What you need to do -
Skip the pictures and restate, word for word, the lines from the one containing "Set out after" to the end of the data below.

********

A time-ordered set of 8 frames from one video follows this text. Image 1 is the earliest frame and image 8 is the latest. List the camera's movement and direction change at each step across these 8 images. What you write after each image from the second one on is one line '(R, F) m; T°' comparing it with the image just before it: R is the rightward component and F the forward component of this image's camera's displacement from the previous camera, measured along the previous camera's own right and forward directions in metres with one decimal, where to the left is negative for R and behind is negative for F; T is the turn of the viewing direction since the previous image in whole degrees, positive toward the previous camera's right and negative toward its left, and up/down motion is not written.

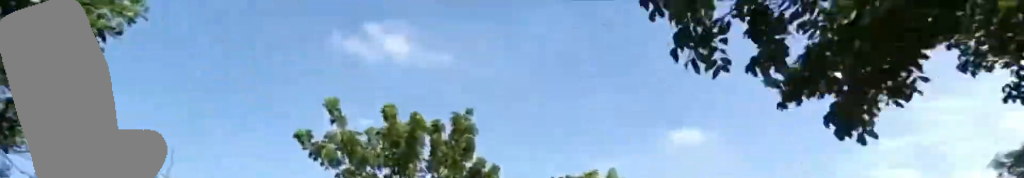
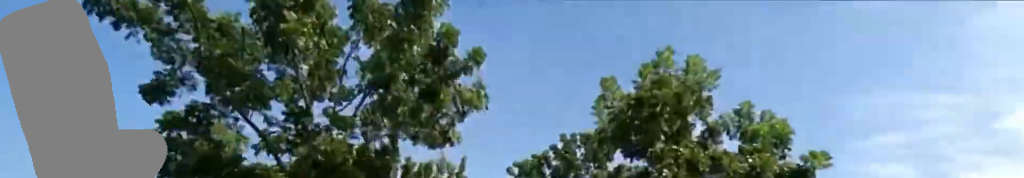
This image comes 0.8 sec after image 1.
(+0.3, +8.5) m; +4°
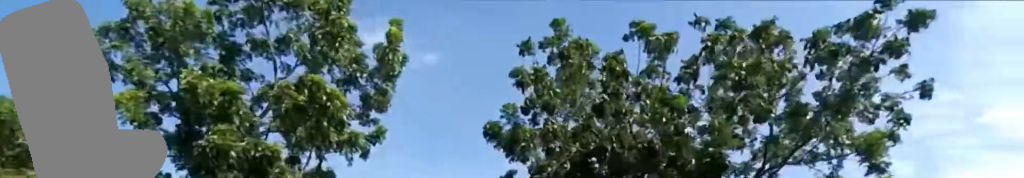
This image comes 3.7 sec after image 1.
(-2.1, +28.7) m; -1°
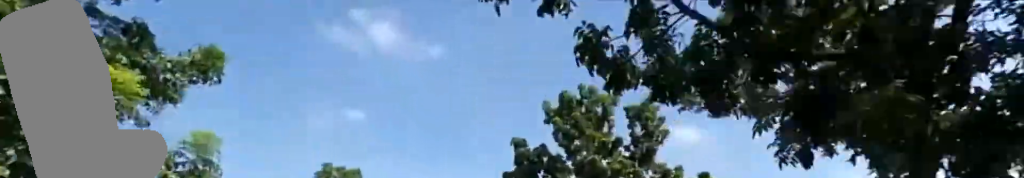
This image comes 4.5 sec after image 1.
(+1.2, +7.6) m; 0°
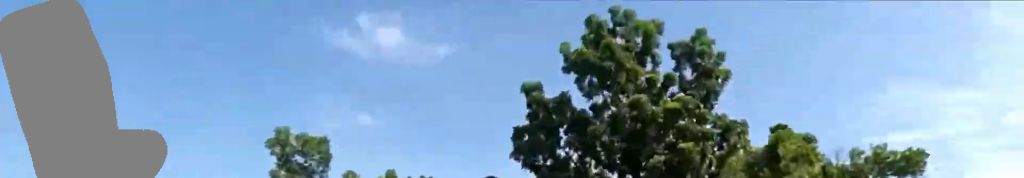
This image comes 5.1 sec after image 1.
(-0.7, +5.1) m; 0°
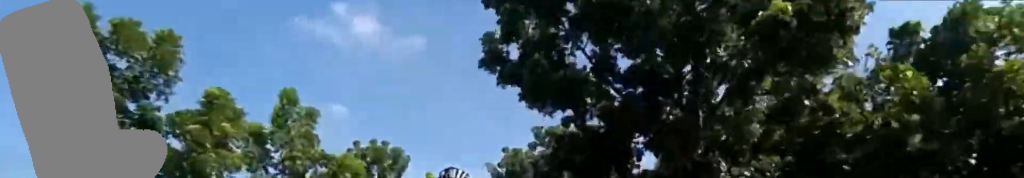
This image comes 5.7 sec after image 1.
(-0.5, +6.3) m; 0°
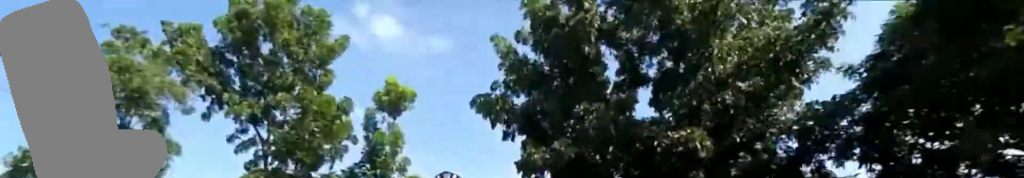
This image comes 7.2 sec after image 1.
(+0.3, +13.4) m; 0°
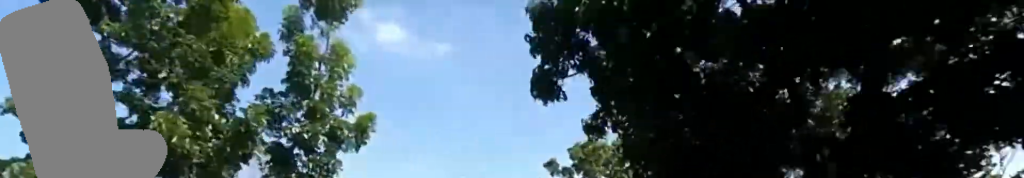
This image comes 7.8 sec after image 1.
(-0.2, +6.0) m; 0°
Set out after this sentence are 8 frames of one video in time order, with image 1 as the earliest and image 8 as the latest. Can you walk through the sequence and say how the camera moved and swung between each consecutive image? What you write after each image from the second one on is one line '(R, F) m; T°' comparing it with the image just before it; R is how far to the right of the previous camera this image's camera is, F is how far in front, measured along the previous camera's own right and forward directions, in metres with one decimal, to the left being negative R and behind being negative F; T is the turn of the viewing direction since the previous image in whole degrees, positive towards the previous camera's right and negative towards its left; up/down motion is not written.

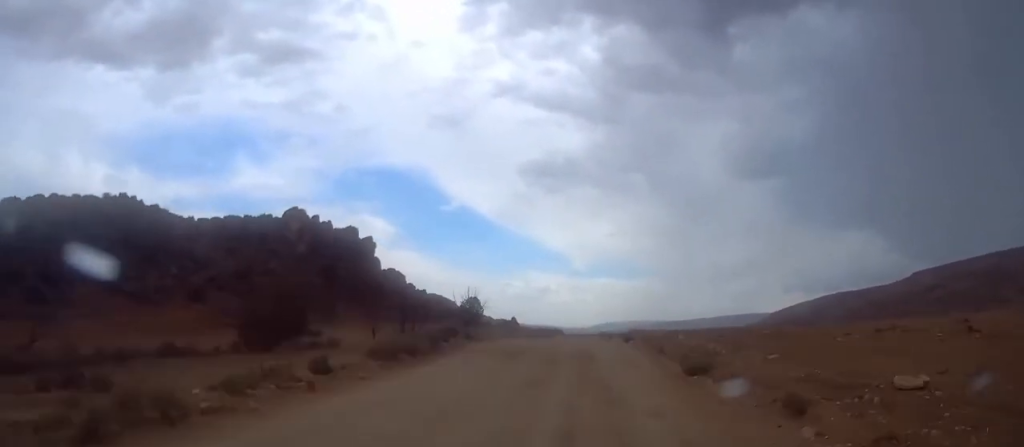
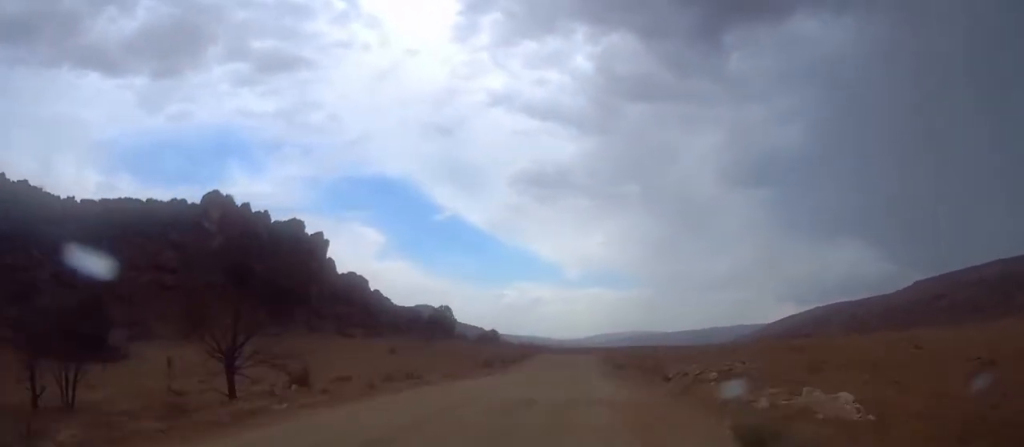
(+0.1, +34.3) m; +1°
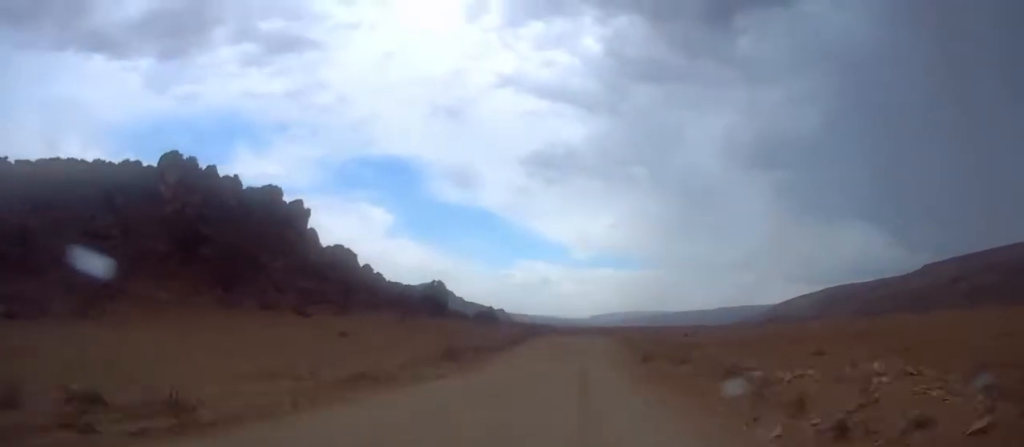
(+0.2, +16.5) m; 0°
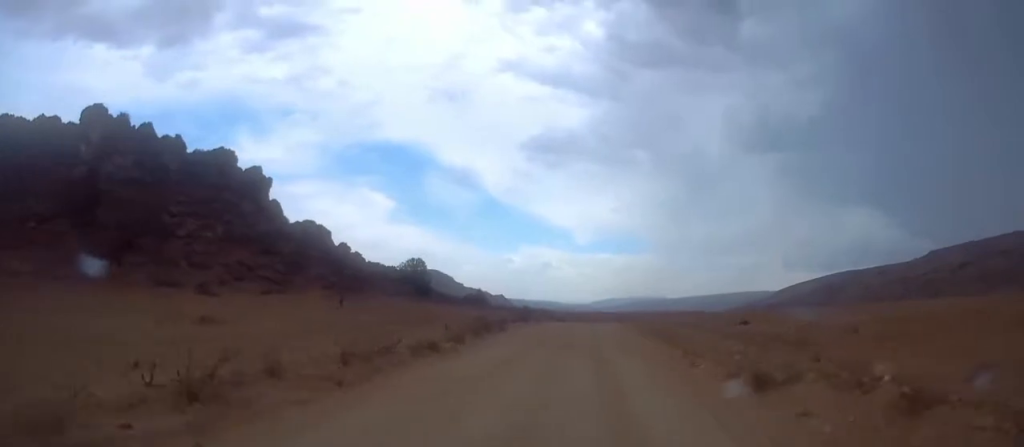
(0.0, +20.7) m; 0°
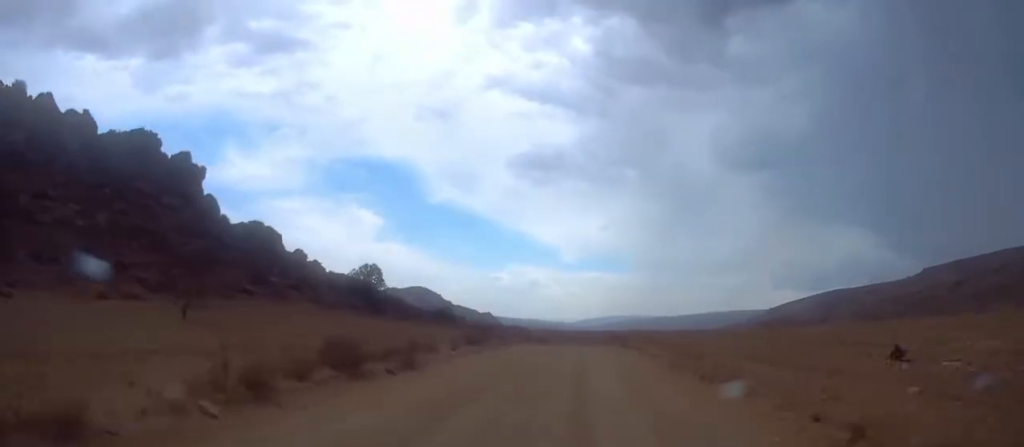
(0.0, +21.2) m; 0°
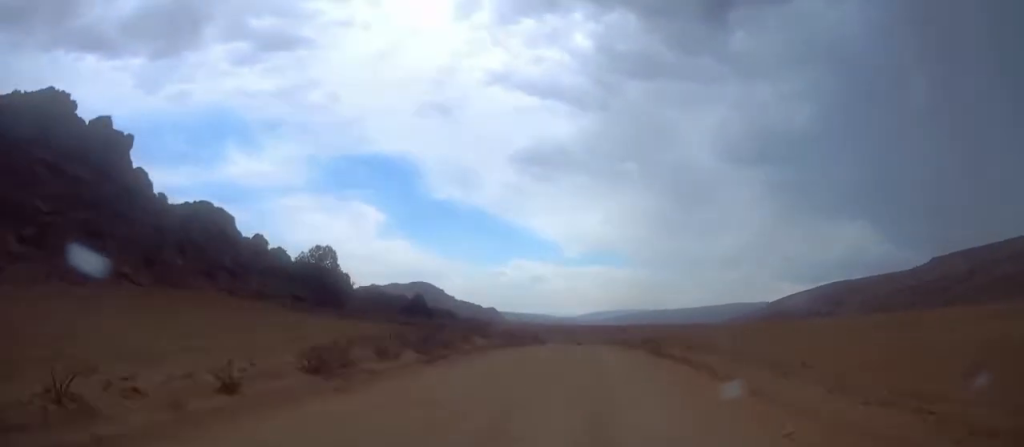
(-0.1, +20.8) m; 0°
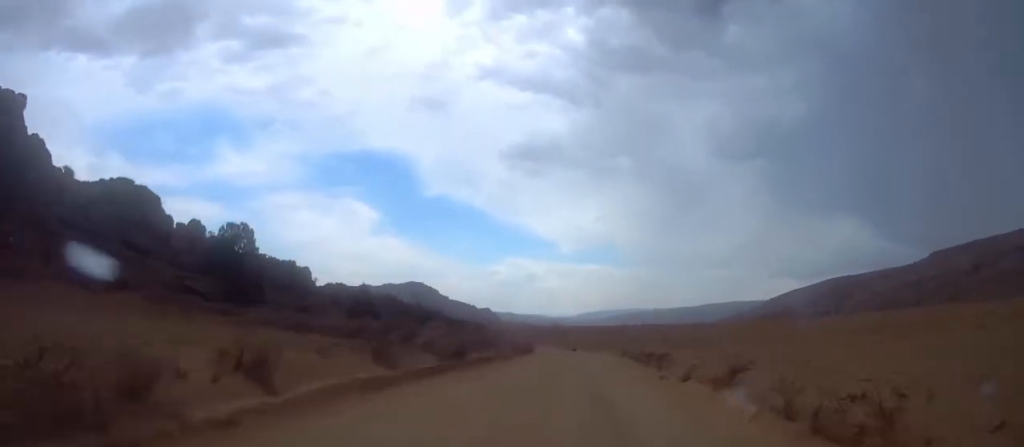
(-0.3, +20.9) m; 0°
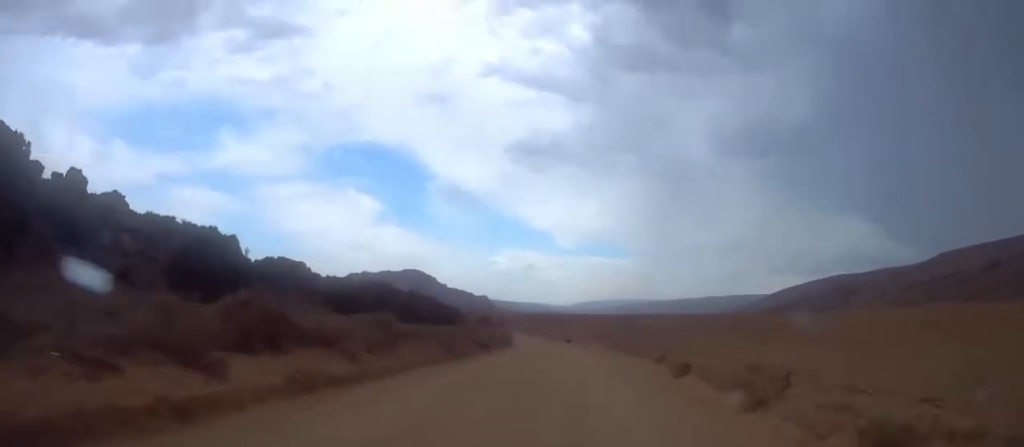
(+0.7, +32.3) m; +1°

********

Response to the task -
Set out after this sentence are 8 frames of one video in time order, with image 1 as the earliest and image 8 as the latest. Can you walk through the sequence and say how the camera moved and swung between each consecutive image? What you write after each image from the second one on is one line '(R, F) m; T°' comparing it with the image just before it; R is how far to the right of the previous camera this image's camera is, F is how far in front, measured along the previous camera's own right and forward directions, in metres with one decimal, to the left being negative R and behind being negative F; T is the turn of the viewing direction since the previous image in whole degrees, positive towards the previous camera's right and negative towards its left; up/down motion is not written.

(+0.1, +34.3) m; +1°
(+0.2, +16.5) m; 0°
(0.0, +20.7) m; 0°
(0.0, +21.2) m; 0°
(-0.1, +20.8) m; 0°
(-0.3, +20.9) m; 0°
(+0.7, +32.3) m; +1°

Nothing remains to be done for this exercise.